Privacy policy for our social media channels (September 2025)

We use our social media profiles to get in touch with interested parties, customers and applicants, to respond to enquiries and to provide information about our services and current topics relating to our company. The associated data processing is carried out on the basis of Art. 6(1)(f) GDPR, as we have a legitimate interest in responding to enquiries and effectively presenting our company to the outside world.

Information about the collection of personal data

Below, we provide information about the collection of personal data when using our social media sites.

The controller pursuant to Art. 4 (7) of the EU General Data Protection Regulation (GDPR) is

EXCO GmbH 
Adam-Opel-Straße 9-11
67227 Frankenthal
Germany
Email: info@exco-group.com
Website: www.exco-solutions.com

Contact details of the data protection officer EXCO GmbH

c/o Data Protection Officer
EXCO GmbH
Adam-Opel-Straße 9-11
67227 Frankenthal
Germany

Email: datenschutz@exco-group.com

This privacy policy applies to the following social media sites of EXCO GmbH:
https://www.linkedin.com/company/exco-gmbh/posts/?feedView=all

https://www.facebook.com/EXCO.TheQualityCompany

https://www.instagram.com/excogmbh/

https://www.kununu.com/de/exco

https://www.youtube.com/@excogroup2086

https://www.xing.com/pages/excogmbh

Your rights

You can exercise the following rights at any time using the contact details provided:

Information about what personal data we have stored about you and how we process it (Art. 15 GDPR),
Correction of incorrect or incomplete personal data (Art. 16 GDPR),
Deletion of your personal data stored by us (Art. 17 GDPR),
Restriction of processing if we are not yet permitted to delete your data due to legal obligations (Art. 18 GDPR),
Objection to the processing of your data (Art. 21 GDPR) and
Data portability, provided that the processing is based on your consent or a contract (Art. 20 GDPR).

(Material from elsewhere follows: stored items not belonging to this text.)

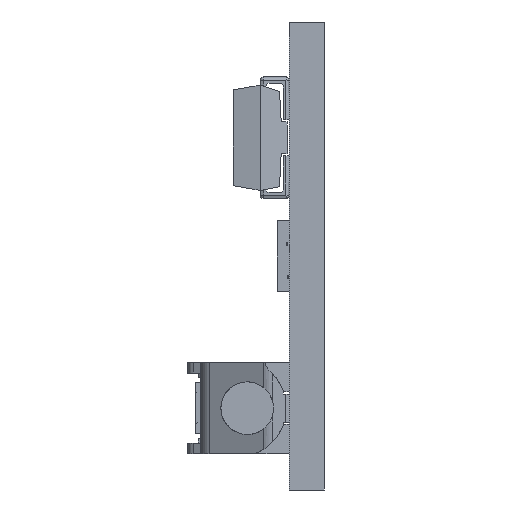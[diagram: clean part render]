
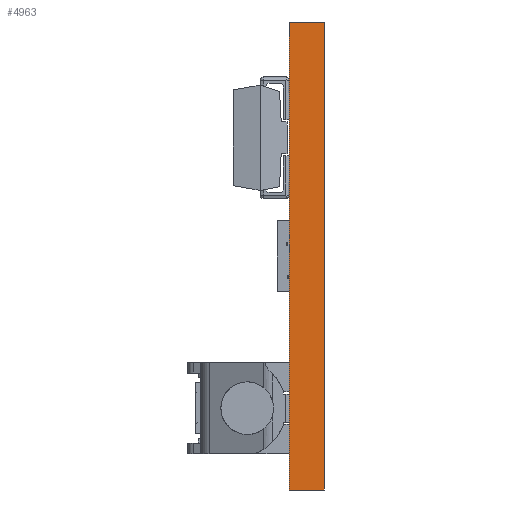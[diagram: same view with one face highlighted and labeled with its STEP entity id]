
A CAD part, left-side view. The second image highlights one B-rep face of the part: STEP entity #4963.
In plain terms, the highlighted planar face has unit normal (-1, 0, 0).
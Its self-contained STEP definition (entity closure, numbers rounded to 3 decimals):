
#776 = CARTESIAN_POINT ( 'NONE',  ( 0., 0., -20. ) ) ;
#3259 = LINE ( 'NONE', #16995, #17901 ) ;
#4963 = ADVANCED_FACE ( 'NONE', ( #30760 ), #32445, .T. ) ;
#5776 = VECTOR ( 'NONE', #12789, 1000. ) ;
#6670 = VERTEX_POINT ( 'NONE', #8592 ) ;
#7490 = VERTEX_POINT ( 'NONE', #776 ) ;
#8592 = CARTESIAN_POINT ( 'NONE',  ( 0., -1.5, 0. ) ) ;
#9024 = VECTOR ( 'NONE', #16624, 1000. ) ;
#10685 = EDGE_CURVE ( 'NONE', #40826, #7490, #34254, .T. ) ;
#12789 = DIRECTION ( 'NONE',  ( 0., 0., 1. ) ) ;
#14255 = DIRECTION ( 'NONE',  ( 0., 1., 0. ) ) ;
#16624 = DIRECTION ( 'NONE',  ( 0., 0., 1. ) ) ;
#16995 = CARTESIAN_POINT ( 'NONE',  ( 0., -1.5, 0. ) ) ;
#17901 = VECTOR ( 'NONE', #14255, 1000. ) ;
#20620 = EDGE_CURVE ( 'NONE', #6670, #26270, #3259, .T. ) ;
#23772 = EDGE_CURVE ( 'NONE', #7490, #26270, #31947, .T. ) ;
#24420 = ORIENTED_EDGE ( 'NONE', *, *, #10685, .F. ) ;
#26270 = VERTEX_POINT ( 'NONE', #50831 ) ;
#26340 = CARTESIAN_POINT ( 'NONE',  ( 0., -1.5, -20. ) ) ;
#27458 = CARTESIAN_POINT ( 'NONE',  ( 0., 0., -20. ) ) ;
#29027 = AXIS2_PLACEMENT_3D ( 'NONE', #32395, #32033, #31982 ) ;
#30760 = FACE_OUTER_BOUND ( 'NONE', #35490, .T. ) ;
#31947 = LINE ( 'NONE', #27458, #5776 ) ;
#31982 = DIRECTION ( 'NONE',  ( 0., 0., 1. ) ) ;
#32033 = DIRECTION ( 'NONE',  ( -1., 0., 0. ) ) ;
#32395 = CARTESIAN_POINT ( 'NONE',  ( 0., -1.5, -20. ) ) ;
#32445 = PLANE ( 'NONE',  #29027 ) ;
#33225 = ORIENTED_EDGE ( 'NONE', *, *, #60969, .T. ) ;
#34254 = LINE ( 'NONE', #48689, #60070 ) ;
#35170 = LINE ( 'NONE', #26340, #9024 ) ;
#35490 = EDGE_LOOP ( 'NONE', ( #43586, #24420, #33225, #60719 ) ) ;
#40826 = VERTEX_POINT ( 'NONE', #49448 ) ;
#43586 = ORIENTED_EDGE ( 'NONE', *, *, #23772, .F. ) ;
#48561 = DIRECTION ( 'NONE',  ( 0., 1., 0. ) ) ;
#48689 = CARTESIAN_POINT ( 'NONE',  ( 0., -1.5, -20. ) ) ;
#49448 = CARTESIAN_POINT ( 'NONE',  ( 0., -1.5, -20. ) ) ;
#50831 = CARTESIAN_POINT ( 'NONE',  ( 0., 0., 0. ) ) ;
#60070 = VECTOR ( 'NONE', #48561, 1000. ) ;
#60719 = ORIENTED_EDGE ( 'NONE', *, *, #20620, .T. ) ;
#60969 = EDGE_CURVE ( 'NONE', #40826, #6670, #35170, .T. ) ;
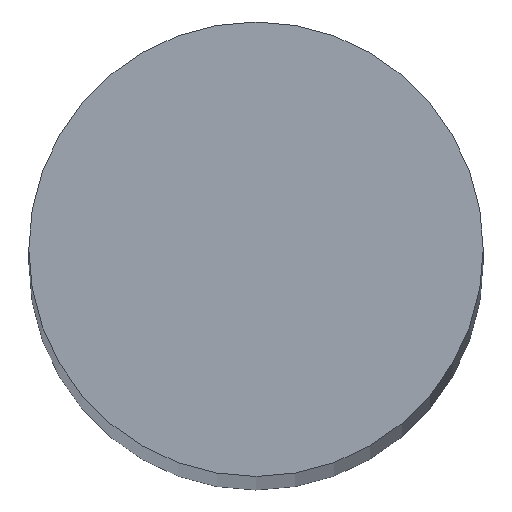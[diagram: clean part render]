
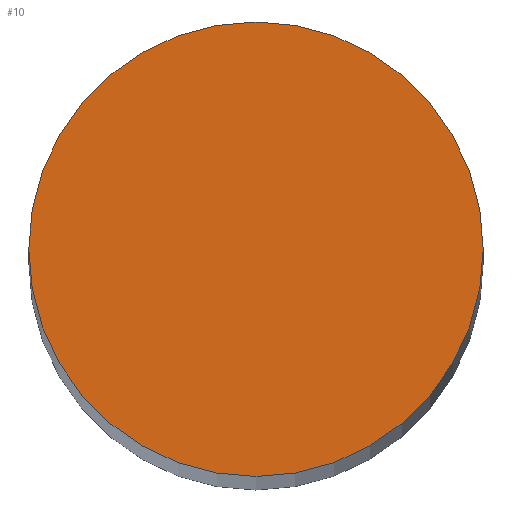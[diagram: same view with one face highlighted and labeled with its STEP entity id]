
A CAD part, top view. The second image highlights one B-rep face of the part: STEP entity #10.
In plain terms, the highlighted planar face has unit normal (0, 0, 1).
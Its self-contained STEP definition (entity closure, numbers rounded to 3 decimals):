
#10 = ADVANCED_FACE ( 'NONE', ( #26 ), #41, .T. ) ;
#11 = AXIS2_PLACEMENT_3D ( 'NONE', #67, #175, #42 ) ;
#20 = AXIS2_PLACEMENT_3D ( 'NONE', #107, #160, #134 ) ;
#26 = FACE_OUTER_BOUND ( 'NONE', #36, .T. ) ;
#36 = EDGE_LOOP ( 'NONE', ( #126, #87 ) ) ;
#41 = PLANE ( 'NONE',  #11 ) ;
#42 = DIRECTION ( 'NONE',  ( 1., 0., 0. ) ) ;
#67 = CARTESIAN_POINT ( 'NONE',  ( 0., 0., 100. ) ) ;
#72 = CIRCLE ( 'NONE', #20, 2.93 ) ;
#87 = ORIENTED_EDGE ( 'NONE', *, *, #88, .T. ) ;
#88 = EDGE_CURVE ( 'NONE', #112, #105, #72, .T. ) ;
#94 = CARTESIAN_POINT ( 'NONE',  ( -2.93, 0., 100. ) ) ;
#97 = DIRECTION ( 'NONE',  ( 0., 0., 1. ) ) ;
#104 = CIRCLE ( 'NONE', #124, 2.93 ) ;
#105 = VERTEX_POINT ( 'NONE', #94 ) ;
#107 = CARTESIAN_POINT ( 'NONE',  ( 0., 0., 100. ) ) ;
#112 = VERTEX_POINT ( 'NONE', #159 ) ;
#124 = AXIS2_PLACEMENT_3D ( 'NONE', #174, #97, #161 ) ;
#126 = ORIENTED_EDGE ( 'NONE', *, *, #152, .T. ) ;
#134 = DIRECTION ( 'NONE',  ( 1., 0., 0. ) ) ;
#152 = EDGE_CURVE ( 'NONE', #105, #112, #104, .T. ) ;
#159 = CARTESIAN_POINT ( 'NONE',  ( 2.93, 0., 100. ) ) ;
#160 = DIRECTION ( 'NONE',  ( 0., 0., 1. ) ) ;
#161 = DIRECTION ( 'NONE',  ( 1., 0., 0. ) ) ;
#174 = CARTESIAN_POINT ( 'NONE',  ( 0., 0., 100. ) ) ;
#175 = DIRECTION ( 'NONE',  ( 0., 0., 1. ) ) ;
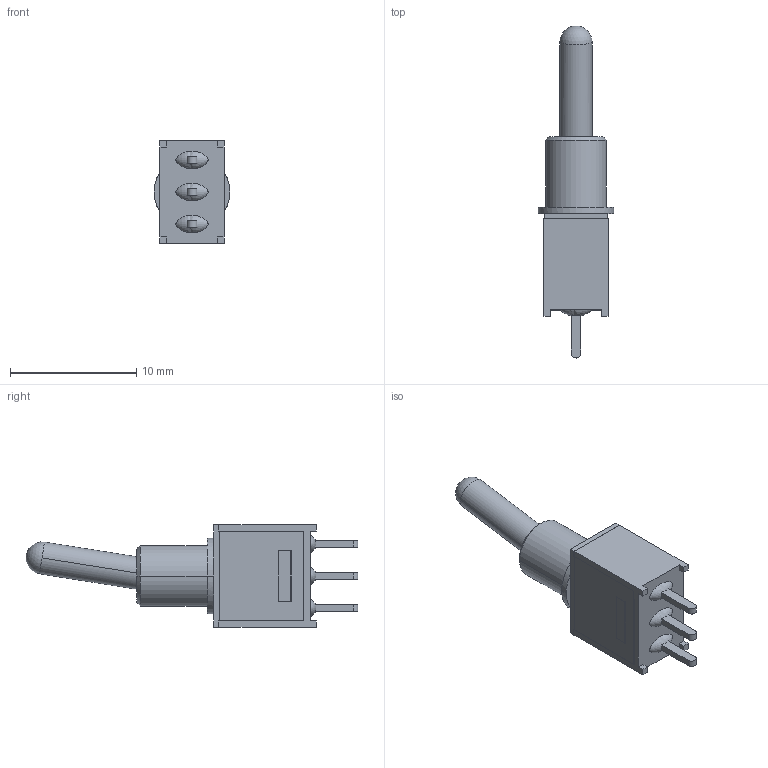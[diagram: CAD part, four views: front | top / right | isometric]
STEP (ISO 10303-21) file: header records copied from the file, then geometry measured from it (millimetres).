
FILE_DESCRIPTION (( 'STEP AP214' ), '1' );
FILE_NAME ('2MS3T1B3M2QES.STEP', '2024-06-23T13:53:43', ( '' ), ( '' ), 'SwSTEP 2.0', 'SolidWorks 2023', '' );
FILE_SCHEMA (( 'AUTOMOTIVE_DESIGN' ));
Length unit declared in the file: millimetre
Products named in the file (1): 2MS3T1B3M2QES
Bounding box: 6 x 26.3 x 8.13 mm (x, y, z)
Volume: 476.9 mm3; surface area: 496.9 mm2
Topology: 1 solids, 1 shells, 100 faces, 260 edges, 173 vertices
Faces by surface type: plane 82, cylinder 11, cone 3, torus 3, sphere 1
Entity records: 4481 total; most frequent: CARTESIAN_POINT 916, ORIENTED_EDGE 516, DIRECTION 474, EDGE_CURVE 258, LINE 208, VECTOR 208, VERTEX_POINT 172, AXIS2_PLACEMENT_3D 133
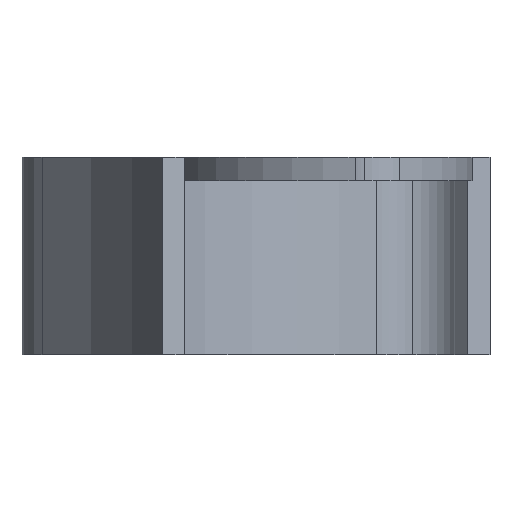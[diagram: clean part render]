
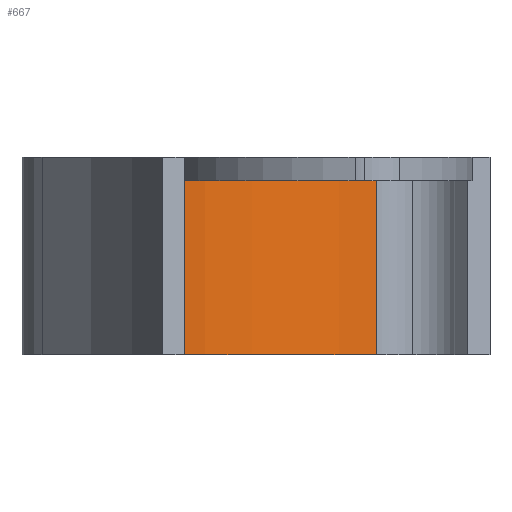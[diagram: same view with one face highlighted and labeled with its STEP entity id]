
A CAD part, left-side view. The second image highlights one B-rep face of the part: STEP entity #667.
In plain terms, the highlighted cylindrical face has radius 25 mm (diameter 50 mm), a partial arc.
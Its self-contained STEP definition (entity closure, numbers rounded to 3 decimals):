
#24 = DIRECTION ( 'NONE',  ( 1., 0., 0. ) ) ;
#57 = EDGE_CURVE ( 'NONE', #321, #801, #1287, .T. ) ;
#133 = DIRECTION ( 'NONE',  ( 0., 0., 1. ) ) ;
#205 = CARTESIAN_POINT ( 'NONE',  ( 152.094, 78.369, -70.949 ) ) ;
#211 = CARTESIAN_POINT ( 'NONE',  ( 169.881, 95.937, -70.949 ) ) ;
#244 = DIRECTION ( 'NONE',  ( 0., 0., -1. ) ) ;
#261 = AXIS2_PLACEMENT_3D ( 'NONE', #211, #520, #924 ) ;
#291 = EDGE_CURVE ( 'NONE', #321, #419, #1257, .T. ) ;
#321 = VERTEX_POINT ( 'NONE', #885 ) ;
#396 = AXIS2_PLACEMENT_3D ( 'NONE', #429, #244, #24 ) ;
#397 = ORIENTED_EDGE ( 'NONE', *, *, #968, .T. ) ;
#419 = VERTEX_POINT ( 'NONE', #767 ) ;
#429 = CARTESIAN_POINT ( 'NONE',  ( 169.881, 95.937, 0. ) ) ;
#436 = CARTESIAN_POINT ( 'NONE',  ( 152.094, 78.369, -15. ) ) ;
#472 = FACE_OUTER_BOUND ( 'NONE', #905, .T. ) ;
#474 = ORIENTED_EDGE ( 'NONE', *, *, #291, .F. ) ;
#499 = VECTOR ( 'NONE', #893, 1000. ) ;
#520 = DIRECTION ( 'NONE',  ( 0., 0., 1. ) ) ;
#525 = CARTESIAN_POINT ( 'NONE',  ( 145.487, 101.41, -70.949 ) ) ;
#577 = ORIENTED_EDGE ( 'NONE', *, *, #1118, .T. ) ;
#608 = LINE ( 'NONE', #205, #499 ) ;
#667 = ADVANCED_FACE ( 'NONE', ( #472 ), #1208, .T. ) ;
#699 = CARTESIAN_POINT ( 'NONE',  ( 152.094, 78.369, 0. ) ) ;
#767 = CARTESIAN_POINT ( 'NONE',  ( 145.487, 101.41, 0. ) ) ;
#801 = VERTEX_POINT ( 'NONE', #436 ) ;
#838 = CIRCLE ( 'NONE', #396, 25. ) ;
#871 = AXIS2_PLACEMENT_3D ( 'NONE', #1248, #133, #1143 ) ;
#885 = CARTESIAN_POINT ( 'NONE',  ( 145.487, 101.41, -15. ) ) ;
#893 = DIRECTION ( 'NONE',  ( 0., 0., 1. ) ) ;
#905 = EDGE_LOOP ( 'NONE', ( #577, #474, #998, #397 ) ) ;
#924 = DIRECTION ( 'NONE',  ( 1., 0., 0. ) ) ;
#929 = DIRECTION ( 'NONE',  ( 0., 0., 1. ) ) ;
#968 = EDGE_CURVE ( 'NONE', #801, #1003, #608, .T. ) ;
#998 = ORIENTED_EDGE ( 'NONE', *, *, #57, .T. ) ;
#1003 = VERTEX_POINT ( 'NONE', #699 ) ;
#1118 = EDGE_CURVE ( 'NONE', #1003, #419, #838, .T. ) ;
#1143 = DIRECTION ( 'NONE',  ( -1., 0., 0. ) ) ;
#1208 = CYLINDRICAL_SURFACE ( 'NONE', #261, 25. ) ;
#1241 = VECTOR ( 'NONE', #929, 1000. ) ;
#1248 = CARTESIAN_POINT ( 'NONE',  ( 169.881, 95.937, -15. ) ) ;
#1257 = LINE ( 'NONE', #525, #1241 ) ;
#1287 = CIRCLE ( 'NONE', #871, 25. ) ;

If you have given us your consent, you can revoke it at any time with effect for the future. Please note that consent for social media appearances is given to the respective operator of the social network and must also be revoked there.

In addition, you have the right to lodge a complaint with a supervisory authority – for example, the data protection authority in your place of residence or the supervisory authority responsible for us.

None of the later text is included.